• _Data provided_
- Opening Delimiter -

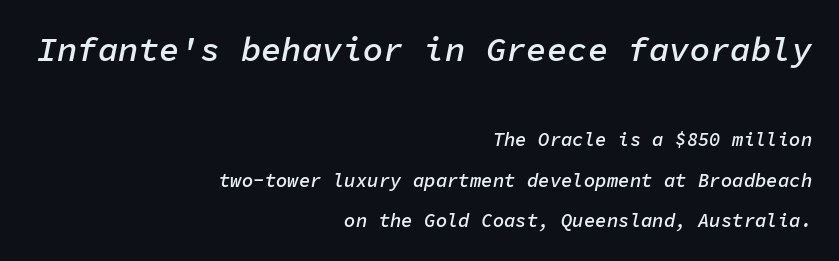
{"italic": "yes", "lean": "right", "slant_degrees": 11, "bold": "semi", "weight": "semibold", "width": "normal", "stroke_contrast": "low", "x_height": "medium", "monospaced": "yes", "underline": "no", "align": "right", "line_spacing": "loose", "line_spacing_ratio": 2.14, "letter_spacing": "normal", "letter_spacing_em": 0.0, "larger_block": "first", "size_ratio": 1.79, "glyph_px": 34}
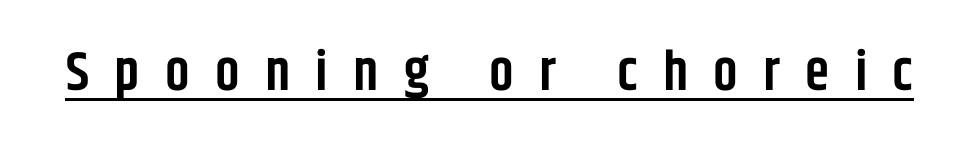
The image shows 55 px semibold, condensed sans-serif type, upright; set unusually wide letter spacing (+0.46 em), underlined; low stroke contrast and a large x-height.
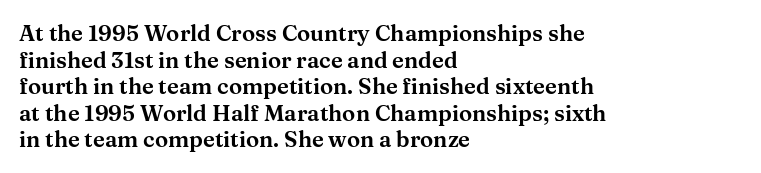
The image shows 22 px text type, upright; set left-aligned, line spacing 1.21x, normal letter spacing, not underlined.
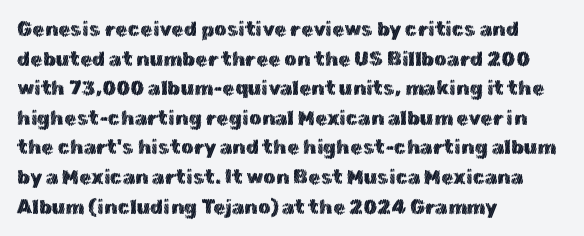
The image shows 20 px text type, upright; set left-aligned, normal line spacing (1.48x), normal letter spacing, not underlined.

- Closing Delimiter -

• _Description of the task_
When you reach an image, pass over it, and retype all other material exactly.

• _Exercise answer_
{"italic": "yes", "lean": "right", "slant_degrees": 11, "bold": "semi", "weight": "semibold", "width": "normal", "stroke_contrast": "low", "x_height": "medium", "monospaced": "yes", "underline": "no", "align": "right", "line_spacing": "loose", "line_spacing_ratio": 2.14, "letter_spacing": "normal", "letter_spacing_em": 0.0, "larger_block": "first", "size_ratio": 1.79, "glyph_px": 34}
The image shows 55 px semibold, condensed sans-serif type, upright; set unusually wide letter spacing (+0.46 em), underlined; low stroke contrast and a large x-height.
The image shows 22 px text type, upright; set left-aligned, line spacing 1.21x, normal letter spacing, not underlined.
The image shows 20 px text type, upright; set left-aligned, normal line spacing (1.48x), normal letter spacing, not underlined.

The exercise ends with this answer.